### Data for analysis
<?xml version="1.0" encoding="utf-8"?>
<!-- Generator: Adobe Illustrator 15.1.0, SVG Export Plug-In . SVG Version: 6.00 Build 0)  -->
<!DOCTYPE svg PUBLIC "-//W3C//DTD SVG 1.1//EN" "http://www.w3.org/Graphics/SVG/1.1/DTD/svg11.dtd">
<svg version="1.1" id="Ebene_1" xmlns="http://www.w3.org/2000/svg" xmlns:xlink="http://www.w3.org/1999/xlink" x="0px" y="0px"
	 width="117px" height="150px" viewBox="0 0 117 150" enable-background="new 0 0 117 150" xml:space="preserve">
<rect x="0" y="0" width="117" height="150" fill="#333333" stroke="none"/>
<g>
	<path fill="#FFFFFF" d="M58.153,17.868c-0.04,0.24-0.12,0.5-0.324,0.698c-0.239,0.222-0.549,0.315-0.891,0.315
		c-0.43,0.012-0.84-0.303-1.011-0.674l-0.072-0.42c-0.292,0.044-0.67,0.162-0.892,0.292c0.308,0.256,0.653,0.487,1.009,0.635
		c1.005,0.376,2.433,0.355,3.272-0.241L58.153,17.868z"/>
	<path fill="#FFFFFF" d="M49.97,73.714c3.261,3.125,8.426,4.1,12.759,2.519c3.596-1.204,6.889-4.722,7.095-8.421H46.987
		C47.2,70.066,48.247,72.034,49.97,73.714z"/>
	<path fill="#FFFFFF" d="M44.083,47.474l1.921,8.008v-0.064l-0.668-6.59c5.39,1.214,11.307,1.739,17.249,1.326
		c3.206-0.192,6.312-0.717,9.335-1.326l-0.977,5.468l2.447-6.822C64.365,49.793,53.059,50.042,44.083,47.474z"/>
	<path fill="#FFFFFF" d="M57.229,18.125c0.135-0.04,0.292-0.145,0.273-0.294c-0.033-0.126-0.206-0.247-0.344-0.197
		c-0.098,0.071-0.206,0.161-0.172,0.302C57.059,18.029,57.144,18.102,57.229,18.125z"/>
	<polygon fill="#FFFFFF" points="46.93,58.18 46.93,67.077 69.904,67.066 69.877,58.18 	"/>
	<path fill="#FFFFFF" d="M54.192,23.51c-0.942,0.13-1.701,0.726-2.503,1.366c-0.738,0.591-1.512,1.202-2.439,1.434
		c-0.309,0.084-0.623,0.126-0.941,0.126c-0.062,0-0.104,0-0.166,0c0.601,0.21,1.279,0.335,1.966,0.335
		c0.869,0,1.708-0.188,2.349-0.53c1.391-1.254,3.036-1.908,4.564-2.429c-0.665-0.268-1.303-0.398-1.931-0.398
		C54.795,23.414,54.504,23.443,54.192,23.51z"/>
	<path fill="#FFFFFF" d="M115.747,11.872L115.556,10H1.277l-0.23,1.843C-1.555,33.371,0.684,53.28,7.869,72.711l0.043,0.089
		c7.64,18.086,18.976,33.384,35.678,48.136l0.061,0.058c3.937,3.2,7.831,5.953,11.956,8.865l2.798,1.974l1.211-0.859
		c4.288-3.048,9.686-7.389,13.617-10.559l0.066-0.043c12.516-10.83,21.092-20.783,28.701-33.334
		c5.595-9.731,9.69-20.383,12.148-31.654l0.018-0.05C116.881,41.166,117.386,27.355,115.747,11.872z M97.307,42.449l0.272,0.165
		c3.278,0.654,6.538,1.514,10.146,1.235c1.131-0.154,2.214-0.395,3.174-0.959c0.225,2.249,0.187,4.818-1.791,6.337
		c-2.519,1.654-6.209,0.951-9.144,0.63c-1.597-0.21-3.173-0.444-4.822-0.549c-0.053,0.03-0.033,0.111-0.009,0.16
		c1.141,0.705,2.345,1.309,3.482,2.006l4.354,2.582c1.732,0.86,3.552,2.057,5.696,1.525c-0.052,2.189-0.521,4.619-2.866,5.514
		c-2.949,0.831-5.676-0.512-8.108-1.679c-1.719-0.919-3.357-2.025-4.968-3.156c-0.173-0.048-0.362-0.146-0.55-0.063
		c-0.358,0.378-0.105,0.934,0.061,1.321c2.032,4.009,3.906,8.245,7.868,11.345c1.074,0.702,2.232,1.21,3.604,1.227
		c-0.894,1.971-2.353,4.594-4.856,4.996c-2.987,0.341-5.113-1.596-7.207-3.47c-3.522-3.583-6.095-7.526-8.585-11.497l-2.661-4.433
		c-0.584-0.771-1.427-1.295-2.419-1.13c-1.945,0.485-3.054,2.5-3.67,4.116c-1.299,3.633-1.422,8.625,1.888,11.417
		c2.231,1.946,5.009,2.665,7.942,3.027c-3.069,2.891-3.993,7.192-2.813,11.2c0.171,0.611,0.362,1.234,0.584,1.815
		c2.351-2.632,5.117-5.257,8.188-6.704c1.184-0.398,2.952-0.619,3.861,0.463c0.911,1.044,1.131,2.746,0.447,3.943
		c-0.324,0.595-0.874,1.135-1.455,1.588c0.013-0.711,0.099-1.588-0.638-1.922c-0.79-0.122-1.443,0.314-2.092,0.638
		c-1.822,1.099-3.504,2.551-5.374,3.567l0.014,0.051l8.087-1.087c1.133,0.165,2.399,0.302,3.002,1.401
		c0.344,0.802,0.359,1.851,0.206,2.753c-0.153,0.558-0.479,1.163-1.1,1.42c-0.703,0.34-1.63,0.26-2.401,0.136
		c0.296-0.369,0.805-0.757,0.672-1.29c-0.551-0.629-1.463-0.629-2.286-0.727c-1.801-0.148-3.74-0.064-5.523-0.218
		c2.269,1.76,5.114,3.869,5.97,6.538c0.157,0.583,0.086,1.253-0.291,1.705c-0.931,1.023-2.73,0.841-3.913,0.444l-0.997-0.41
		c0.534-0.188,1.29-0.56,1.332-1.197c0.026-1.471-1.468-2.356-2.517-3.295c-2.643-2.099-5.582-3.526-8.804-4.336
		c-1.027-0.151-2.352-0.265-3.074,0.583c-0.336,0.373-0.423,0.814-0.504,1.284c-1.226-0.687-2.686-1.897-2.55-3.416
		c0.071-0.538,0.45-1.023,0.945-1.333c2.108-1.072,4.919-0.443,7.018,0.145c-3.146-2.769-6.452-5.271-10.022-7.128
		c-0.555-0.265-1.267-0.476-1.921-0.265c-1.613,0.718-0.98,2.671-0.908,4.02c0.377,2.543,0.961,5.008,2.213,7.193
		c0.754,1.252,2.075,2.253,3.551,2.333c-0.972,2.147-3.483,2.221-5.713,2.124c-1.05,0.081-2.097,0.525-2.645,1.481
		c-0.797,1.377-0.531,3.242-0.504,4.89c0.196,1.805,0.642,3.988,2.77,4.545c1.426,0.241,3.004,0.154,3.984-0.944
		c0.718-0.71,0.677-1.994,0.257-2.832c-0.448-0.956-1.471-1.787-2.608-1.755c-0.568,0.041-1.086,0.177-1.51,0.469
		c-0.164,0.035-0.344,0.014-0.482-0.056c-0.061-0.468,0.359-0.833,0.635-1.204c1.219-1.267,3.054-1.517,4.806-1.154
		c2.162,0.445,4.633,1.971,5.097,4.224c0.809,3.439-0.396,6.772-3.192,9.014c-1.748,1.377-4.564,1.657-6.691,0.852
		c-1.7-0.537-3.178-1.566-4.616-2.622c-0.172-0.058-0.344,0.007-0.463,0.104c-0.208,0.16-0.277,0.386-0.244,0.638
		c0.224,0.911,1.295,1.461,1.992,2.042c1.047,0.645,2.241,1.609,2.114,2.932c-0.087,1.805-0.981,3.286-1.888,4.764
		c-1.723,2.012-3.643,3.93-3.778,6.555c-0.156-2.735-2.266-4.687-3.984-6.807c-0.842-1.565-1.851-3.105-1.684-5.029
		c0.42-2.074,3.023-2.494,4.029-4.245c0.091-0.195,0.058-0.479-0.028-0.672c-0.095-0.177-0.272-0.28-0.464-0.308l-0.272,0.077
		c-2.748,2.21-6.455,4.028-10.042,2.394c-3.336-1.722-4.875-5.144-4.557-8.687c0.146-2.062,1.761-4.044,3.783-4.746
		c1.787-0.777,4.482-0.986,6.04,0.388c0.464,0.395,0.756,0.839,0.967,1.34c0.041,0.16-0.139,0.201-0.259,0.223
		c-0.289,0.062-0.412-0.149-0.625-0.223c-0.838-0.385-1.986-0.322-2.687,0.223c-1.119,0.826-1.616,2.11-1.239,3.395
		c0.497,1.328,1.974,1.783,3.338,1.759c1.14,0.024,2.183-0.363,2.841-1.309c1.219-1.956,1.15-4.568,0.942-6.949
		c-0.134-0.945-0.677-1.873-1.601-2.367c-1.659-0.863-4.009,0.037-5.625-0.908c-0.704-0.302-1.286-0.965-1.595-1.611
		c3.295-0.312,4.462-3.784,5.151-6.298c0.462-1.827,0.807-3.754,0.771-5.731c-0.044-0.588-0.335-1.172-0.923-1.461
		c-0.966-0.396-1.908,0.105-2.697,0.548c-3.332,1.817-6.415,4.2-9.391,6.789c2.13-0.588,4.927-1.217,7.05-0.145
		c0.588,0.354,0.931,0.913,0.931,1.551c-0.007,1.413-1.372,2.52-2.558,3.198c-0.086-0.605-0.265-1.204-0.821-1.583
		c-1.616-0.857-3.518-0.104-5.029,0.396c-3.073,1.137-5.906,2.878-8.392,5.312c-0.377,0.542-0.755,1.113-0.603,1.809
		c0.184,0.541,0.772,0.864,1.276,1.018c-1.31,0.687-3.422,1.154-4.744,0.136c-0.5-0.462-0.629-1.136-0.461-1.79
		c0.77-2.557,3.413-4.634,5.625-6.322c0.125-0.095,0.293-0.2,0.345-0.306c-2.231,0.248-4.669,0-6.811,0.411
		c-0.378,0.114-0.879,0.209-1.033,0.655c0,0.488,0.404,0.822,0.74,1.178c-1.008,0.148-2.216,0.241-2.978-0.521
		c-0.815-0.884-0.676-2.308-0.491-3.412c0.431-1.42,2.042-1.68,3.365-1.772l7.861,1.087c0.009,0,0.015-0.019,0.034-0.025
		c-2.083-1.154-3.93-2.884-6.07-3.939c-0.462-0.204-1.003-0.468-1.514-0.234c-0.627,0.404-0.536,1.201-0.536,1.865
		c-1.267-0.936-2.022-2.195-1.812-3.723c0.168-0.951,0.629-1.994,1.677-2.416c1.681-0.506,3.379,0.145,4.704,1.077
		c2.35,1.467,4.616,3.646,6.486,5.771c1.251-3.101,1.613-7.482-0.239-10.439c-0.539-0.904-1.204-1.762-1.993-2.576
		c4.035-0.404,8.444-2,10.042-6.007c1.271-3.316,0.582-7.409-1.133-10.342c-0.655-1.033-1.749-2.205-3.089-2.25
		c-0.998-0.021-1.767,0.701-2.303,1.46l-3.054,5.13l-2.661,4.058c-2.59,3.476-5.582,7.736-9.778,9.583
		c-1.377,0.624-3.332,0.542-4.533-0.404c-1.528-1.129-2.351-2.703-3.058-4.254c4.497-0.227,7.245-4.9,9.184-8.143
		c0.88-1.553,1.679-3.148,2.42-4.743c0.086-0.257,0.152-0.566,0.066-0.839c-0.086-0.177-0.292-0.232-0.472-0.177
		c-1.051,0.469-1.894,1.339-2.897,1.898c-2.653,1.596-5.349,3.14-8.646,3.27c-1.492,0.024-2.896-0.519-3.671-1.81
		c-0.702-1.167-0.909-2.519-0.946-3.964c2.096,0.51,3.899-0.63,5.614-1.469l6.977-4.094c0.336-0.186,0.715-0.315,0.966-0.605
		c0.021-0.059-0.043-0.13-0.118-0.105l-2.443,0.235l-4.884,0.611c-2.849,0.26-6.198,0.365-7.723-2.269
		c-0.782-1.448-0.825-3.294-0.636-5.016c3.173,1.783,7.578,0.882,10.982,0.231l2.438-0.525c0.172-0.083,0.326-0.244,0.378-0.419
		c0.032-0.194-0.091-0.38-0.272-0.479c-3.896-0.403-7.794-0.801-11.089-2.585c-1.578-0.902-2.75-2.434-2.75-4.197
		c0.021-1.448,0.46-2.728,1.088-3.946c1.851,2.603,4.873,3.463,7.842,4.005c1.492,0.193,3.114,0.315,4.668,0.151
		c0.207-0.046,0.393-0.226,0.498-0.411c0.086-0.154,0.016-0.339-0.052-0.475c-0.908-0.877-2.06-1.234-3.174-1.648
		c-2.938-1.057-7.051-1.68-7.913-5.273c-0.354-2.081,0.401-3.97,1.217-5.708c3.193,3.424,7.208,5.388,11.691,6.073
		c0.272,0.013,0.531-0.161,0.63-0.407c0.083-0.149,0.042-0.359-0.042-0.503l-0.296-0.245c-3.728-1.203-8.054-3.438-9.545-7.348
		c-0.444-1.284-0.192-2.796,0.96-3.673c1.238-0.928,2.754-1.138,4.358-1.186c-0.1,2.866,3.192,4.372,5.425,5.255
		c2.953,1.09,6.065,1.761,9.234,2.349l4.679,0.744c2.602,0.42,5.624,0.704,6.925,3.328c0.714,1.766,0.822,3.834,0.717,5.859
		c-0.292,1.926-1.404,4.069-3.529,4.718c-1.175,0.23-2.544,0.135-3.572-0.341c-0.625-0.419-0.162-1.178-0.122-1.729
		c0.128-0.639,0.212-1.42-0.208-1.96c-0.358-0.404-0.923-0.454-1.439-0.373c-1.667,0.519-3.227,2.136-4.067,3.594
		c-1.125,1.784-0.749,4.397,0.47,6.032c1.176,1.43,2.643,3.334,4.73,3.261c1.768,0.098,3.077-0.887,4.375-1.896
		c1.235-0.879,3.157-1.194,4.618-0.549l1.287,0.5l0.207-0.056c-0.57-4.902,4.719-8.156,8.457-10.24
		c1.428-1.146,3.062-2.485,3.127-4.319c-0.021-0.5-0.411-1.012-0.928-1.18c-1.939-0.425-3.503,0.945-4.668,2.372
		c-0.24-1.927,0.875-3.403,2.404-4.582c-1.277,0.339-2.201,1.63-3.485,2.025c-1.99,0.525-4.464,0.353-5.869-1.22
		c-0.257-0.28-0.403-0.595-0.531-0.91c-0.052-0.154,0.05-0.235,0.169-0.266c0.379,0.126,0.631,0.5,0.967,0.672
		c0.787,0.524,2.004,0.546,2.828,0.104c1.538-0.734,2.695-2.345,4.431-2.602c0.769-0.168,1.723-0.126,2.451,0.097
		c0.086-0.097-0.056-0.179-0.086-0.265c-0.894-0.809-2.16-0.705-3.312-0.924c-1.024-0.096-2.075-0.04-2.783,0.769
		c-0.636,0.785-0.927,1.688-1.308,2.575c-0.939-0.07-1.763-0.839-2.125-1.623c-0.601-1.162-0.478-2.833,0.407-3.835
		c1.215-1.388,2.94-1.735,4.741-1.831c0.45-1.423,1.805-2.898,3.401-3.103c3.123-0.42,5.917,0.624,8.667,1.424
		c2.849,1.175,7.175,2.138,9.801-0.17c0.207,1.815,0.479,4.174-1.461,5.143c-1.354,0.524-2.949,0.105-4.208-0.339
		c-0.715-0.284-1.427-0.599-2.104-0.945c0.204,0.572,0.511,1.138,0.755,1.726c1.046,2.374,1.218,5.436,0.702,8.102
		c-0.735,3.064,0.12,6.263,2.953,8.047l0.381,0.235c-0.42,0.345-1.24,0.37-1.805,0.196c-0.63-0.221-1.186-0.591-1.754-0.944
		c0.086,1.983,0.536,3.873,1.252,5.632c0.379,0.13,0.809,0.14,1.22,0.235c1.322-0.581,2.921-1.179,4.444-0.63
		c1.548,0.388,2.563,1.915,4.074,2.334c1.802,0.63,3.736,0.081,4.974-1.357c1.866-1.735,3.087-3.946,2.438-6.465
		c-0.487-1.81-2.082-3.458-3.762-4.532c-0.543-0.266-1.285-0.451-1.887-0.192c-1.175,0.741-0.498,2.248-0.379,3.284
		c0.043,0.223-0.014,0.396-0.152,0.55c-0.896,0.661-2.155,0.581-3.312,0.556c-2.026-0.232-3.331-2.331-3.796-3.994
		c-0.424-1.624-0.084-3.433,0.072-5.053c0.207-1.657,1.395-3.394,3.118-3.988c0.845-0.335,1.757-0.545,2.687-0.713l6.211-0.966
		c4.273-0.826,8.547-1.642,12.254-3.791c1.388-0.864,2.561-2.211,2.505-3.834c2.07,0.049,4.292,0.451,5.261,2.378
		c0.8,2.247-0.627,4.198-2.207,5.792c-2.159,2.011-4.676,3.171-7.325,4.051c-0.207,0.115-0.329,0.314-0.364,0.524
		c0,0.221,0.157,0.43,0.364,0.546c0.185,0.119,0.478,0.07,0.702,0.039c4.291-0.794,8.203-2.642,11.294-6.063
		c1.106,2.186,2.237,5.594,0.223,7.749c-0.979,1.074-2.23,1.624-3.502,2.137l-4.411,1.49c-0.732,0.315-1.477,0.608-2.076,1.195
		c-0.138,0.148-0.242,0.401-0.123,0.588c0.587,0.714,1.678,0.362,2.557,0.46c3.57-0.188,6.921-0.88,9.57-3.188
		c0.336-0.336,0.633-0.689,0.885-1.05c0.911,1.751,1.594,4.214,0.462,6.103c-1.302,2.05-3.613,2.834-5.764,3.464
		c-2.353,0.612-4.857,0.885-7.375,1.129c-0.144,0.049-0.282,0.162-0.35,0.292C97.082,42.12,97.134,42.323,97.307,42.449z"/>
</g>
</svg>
######
- **How to complete this task**
Where a line above holds the string "http", show that line.

- **Response to this exercise**
<!DOCTYPE svg PUBLIC "-//W3C//DTD SVG 1.1//EN" "http://www.w3.org/Graphics/SVG/1.1/DTD/svg11.dtd">
<svg version="1.1" id="Ebene_1" xmlns="http://www.w3.org/2000/svg" xmlns:xlink="http://www.w3.org/1999/xlink" x="0px" y="0px"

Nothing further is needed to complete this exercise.